O motorista compartilhou uma mensagem emocionante no Instagram para o aniversário de seu pai.

Paul Stanley publicou uma mensagem comovente no Instagram para o aniversário de seu pai, o falecido motorista Paco Stanley. Nesta sexta-feira, 3 de julho, ele completaria 84 anos.

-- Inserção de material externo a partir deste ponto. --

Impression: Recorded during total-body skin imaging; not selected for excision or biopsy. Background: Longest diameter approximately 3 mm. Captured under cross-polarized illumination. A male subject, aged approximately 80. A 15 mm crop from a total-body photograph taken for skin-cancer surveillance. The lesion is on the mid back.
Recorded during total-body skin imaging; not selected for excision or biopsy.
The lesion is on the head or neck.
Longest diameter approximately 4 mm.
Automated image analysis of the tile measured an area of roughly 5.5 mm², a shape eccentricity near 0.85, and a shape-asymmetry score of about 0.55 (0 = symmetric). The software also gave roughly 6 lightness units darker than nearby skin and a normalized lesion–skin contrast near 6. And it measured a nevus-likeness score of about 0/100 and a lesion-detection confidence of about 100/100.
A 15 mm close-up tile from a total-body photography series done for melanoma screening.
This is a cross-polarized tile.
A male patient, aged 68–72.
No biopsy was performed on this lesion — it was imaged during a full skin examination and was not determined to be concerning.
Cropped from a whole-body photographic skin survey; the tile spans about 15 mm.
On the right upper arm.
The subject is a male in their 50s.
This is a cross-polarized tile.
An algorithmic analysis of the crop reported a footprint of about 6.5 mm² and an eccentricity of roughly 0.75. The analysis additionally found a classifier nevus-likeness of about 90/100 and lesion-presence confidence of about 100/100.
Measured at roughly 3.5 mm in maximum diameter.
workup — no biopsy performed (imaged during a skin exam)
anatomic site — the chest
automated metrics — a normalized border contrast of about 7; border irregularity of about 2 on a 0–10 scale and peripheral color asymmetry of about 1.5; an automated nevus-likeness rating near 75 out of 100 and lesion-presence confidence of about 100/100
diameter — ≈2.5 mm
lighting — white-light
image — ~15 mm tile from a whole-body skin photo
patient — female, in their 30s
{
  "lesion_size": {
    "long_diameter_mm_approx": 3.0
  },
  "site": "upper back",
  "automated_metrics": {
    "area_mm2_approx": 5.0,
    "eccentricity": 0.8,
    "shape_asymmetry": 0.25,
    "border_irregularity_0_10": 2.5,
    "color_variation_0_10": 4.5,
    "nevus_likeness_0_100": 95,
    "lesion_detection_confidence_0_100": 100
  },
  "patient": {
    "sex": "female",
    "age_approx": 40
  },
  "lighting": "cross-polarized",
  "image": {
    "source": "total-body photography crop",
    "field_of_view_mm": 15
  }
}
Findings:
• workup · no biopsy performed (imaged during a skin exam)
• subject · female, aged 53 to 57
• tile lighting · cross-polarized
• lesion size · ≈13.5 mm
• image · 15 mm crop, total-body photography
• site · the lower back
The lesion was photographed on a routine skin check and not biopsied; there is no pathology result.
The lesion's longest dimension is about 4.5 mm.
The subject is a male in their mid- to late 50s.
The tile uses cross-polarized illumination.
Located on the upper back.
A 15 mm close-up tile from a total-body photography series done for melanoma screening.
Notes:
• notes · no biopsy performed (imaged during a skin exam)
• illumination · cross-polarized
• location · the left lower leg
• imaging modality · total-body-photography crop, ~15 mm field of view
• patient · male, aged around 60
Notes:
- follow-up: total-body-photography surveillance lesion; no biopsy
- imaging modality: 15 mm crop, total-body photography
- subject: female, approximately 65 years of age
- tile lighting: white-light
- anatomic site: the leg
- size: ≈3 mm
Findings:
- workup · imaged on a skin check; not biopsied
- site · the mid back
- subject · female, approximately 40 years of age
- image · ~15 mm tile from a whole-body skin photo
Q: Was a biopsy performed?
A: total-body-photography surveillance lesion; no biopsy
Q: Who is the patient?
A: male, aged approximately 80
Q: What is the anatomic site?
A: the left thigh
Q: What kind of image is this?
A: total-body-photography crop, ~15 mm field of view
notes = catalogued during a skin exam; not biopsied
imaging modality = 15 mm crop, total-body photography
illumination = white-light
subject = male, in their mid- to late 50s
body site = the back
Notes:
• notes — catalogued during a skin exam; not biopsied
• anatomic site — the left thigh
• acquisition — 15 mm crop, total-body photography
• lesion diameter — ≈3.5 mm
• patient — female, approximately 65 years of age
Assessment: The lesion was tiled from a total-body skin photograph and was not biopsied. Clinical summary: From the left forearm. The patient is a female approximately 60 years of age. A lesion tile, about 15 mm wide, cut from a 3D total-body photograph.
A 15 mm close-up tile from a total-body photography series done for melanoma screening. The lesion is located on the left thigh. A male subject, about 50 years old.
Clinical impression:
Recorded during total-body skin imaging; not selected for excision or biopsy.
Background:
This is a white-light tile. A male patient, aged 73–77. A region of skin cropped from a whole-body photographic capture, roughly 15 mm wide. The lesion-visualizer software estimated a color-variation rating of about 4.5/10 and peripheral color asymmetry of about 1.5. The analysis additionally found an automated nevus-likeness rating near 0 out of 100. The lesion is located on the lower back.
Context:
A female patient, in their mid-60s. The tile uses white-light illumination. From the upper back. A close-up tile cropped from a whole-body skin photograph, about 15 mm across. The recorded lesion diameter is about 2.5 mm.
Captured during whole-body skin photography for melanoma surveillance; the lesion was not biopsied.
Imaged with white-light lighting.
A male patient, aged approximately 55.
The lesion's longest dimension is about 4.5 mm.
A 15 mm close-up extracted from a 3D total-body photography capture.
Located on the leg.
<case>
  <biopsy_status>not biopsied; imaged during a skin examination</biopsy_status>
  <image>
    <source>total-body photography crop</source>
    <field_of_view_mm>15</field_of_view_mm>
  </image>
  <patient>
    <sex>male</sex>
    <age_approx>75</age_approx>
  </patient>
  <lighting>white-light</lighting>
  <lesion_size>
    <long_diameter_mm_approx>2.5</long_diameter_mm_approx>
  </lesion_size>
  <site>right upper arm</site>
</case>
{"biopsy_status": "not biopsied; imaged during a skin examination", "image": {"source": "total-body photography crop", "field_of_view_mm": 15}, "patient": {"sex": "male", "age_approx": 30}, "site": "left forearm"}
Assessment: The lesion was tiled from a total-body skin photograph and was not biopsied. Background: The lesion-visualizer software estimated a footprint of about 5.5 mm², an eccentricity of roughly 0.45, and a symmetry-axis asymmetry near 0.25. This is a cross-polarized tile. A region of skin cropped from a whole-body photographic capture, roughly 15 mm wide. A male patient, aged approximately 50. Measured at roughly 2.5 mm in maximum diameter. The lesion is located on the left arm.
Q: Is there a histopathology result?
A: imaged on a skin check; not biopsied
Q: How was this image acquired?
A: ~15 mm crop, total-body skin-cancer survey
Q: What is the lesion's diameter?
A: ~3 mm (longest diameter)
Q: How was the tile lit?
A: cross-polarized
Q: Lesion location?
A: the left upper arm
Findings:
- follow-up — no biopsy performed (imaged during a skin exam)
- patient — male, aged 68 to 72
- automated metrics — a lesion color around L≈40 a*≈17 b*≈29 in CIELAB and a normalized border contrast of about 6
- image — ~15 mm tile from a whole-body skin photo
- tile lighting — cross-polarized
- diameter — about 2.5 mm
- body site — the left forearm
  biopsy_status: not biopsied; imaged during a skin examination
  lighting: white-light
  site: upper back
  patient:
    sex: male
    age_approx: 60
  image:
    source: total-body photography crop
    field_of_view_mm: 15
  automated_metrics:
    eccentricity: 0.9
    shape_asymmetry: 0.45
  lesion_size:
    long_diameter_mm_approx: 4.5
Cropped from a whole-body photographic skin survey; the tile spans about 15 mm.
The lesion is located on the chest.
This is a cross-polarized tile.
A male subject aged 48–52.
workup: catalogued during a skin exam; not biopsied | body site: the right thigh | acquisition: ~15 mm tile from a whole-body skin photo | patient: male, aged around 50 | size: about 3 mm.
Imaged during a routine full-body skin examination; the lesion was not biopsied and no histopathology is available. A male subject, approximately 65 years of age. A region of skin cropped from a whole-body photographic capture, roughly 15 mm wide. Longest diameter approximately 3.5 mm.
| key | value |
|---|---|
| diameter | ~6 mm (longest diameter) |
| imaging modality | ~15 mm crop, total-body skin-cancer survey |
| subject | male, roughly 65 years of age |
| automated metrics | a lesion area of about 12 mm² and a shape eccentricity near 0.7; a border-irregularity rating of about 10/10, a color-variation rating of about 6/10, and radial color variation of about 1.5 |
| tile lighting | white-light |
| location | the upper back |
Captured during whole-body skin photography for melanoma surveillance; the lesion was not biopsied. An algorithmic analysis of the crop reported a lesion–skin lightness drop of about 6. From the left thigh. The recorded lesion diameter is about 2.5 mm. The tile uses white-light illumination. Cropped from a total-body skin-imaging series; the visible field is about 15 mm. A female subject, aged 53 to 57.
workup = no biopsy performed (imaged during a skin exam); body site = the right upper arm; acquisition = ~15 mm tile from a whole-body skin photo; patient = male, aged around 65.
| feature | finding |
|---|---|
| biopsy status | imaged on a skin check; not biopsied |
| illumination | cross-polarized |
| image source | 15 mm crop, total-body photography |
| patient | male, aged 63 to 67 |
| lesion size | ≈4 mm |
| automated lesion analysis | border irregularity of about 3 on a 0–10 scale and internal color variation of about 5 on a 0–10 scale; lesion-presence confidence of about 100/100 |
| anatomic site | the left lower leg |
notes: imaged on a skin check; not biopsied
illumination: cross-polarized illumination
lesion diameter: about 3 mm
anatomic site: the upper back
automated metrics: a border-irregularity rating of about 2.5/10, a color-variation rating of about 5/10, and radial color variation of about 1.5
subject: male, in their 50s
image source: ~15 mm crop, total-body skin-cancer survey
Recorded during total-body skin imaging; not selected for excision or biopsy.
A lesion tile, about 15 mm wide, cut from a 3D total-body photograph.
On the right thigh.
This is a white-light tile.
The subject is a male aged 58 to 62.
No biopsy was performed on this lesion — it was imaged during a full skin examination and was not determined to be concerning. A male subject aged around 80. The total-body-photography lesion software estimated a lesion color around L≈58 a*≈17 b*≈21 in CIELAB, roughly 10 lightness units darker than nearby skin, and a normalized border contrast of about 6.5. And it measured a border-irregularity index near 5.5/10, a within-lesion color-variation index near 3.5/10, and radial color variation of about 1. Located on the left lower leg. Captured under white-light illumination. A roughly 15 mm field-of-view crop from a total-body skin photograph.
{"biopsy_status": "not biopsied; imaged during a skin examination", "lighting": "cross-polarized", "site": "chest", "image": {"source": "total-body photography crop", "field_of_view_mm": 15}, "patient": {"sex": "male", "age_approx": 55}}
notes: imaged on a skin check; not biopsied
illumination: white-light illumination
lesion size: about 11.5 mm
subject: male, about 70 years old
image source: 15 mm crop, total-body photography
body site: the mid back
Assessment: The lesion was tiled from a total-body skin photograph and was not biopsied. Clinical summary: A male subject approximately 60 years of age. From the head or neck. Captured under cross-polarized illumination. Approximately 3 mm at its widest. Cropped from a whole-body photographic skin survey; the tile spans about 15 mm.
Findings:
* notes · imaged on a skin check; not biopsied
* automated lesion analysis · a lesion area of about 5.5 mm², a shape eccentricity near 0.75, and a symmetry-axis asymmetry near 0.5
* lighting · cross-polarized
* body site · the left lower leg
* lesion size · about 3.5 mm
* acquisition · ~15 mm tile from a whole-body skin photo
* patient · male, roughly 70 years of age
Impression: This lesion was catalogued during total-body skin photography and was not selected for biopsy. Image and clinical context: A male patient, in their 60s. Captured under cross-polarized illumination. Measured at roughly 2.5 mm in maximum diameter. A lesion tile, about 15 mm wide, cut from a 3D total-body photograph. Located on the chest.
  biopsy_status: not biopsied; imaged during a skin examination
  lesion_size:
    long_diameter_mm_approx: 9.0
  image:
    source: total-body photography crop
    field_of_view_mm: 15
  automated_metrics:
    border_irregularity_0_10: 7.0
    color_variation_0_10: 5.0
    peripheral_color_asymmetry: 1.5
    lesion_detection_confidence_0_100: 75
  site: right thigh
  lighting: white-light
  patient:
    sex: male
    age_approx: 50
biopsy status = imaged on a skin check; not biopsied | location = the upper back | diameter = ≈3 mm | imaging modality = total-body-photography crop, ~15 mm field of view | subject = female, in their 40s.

“Então meu filho chefe, hoje com 84 anos, sempre te amo no meu (coração). Sua neta é linda, o nome dela é Victoria, ela pede água para a mãe a noite toda e me chama de Dada hahahahahahaha. E vai para Pumas (ela diz puna)”, escreveu Paul.

A publicação traz uma foto de Paco Stanley em sua juventude. Colegas como Karla Díaz, Shiky e Andrea Escalona mostraram apoio com emoticons.

Uma memória que dói e celebra

Paco Stanley morreu em 1999 devido a um ataque. Paulo tinha então 14 anos, idade em que a presença paterna é fundamental. Esta semana, durante a estreia de “Viva la magic!” do Disney on Ice, Paul compareceu com sua esposa Joely Bernat e sua filha Victoria.

“Era típico ir ao circo, você ia até a luneta e se divertia, eu vivi bem e hoje estou vivenciando com minha filha”, lembrou.

Para Paul, ser pai sempre foi um sonho. “Estou tentando dar o melhor para ele, para que ele tenha uma boa infância”, comentou. O processo, garantiu, é um aprendizado constante.